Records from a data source
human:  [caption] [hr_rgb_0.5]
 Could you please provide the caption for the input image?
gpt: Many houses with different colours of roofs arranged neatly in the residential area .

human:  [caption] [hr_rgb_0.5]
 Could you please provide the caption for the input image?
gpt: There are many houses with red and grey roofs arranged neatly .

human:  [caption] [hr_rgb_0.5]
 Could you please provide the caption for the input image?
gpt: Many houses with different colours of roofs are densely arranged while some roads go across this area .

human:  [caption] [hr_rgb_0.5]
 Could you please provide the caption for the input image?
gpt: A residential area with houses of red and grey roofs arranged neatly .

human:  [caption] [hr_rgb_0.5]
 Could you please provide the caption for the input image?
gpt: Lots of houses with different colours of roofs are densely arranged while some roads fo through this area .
==
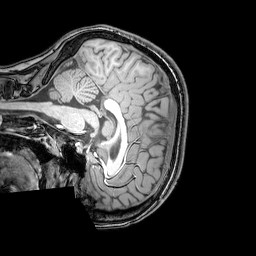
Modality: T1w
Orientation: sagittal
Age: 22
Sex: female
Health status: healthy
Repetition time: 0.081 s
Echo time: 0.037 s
--
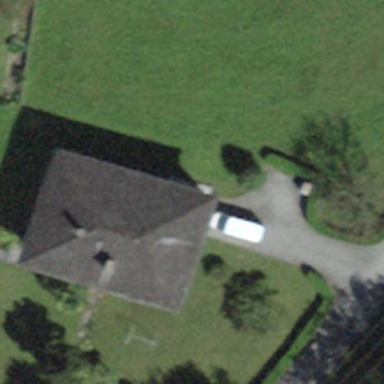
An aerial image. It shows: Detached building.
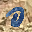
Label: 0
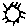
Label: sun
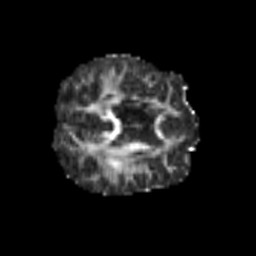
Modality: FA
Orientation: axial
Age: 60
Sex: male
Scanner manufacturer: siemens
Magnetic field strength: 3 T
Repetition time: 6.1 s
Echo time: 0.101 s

== ASSIGNMENT ==
Nothing should appear in the answer except the lines above from the line with "Modality: FA" through the line with "Echo time: 0.101 s", both included, written out exactly.

== PROBLEM SOLUTION ==
Modality: FA
Orientation: axial
Age: 60
Sex: male
Scanner manufacturer: siemens
Magnetic field strength: 3 T
Repetition time: 6.1 s
Echo time: 0.101 s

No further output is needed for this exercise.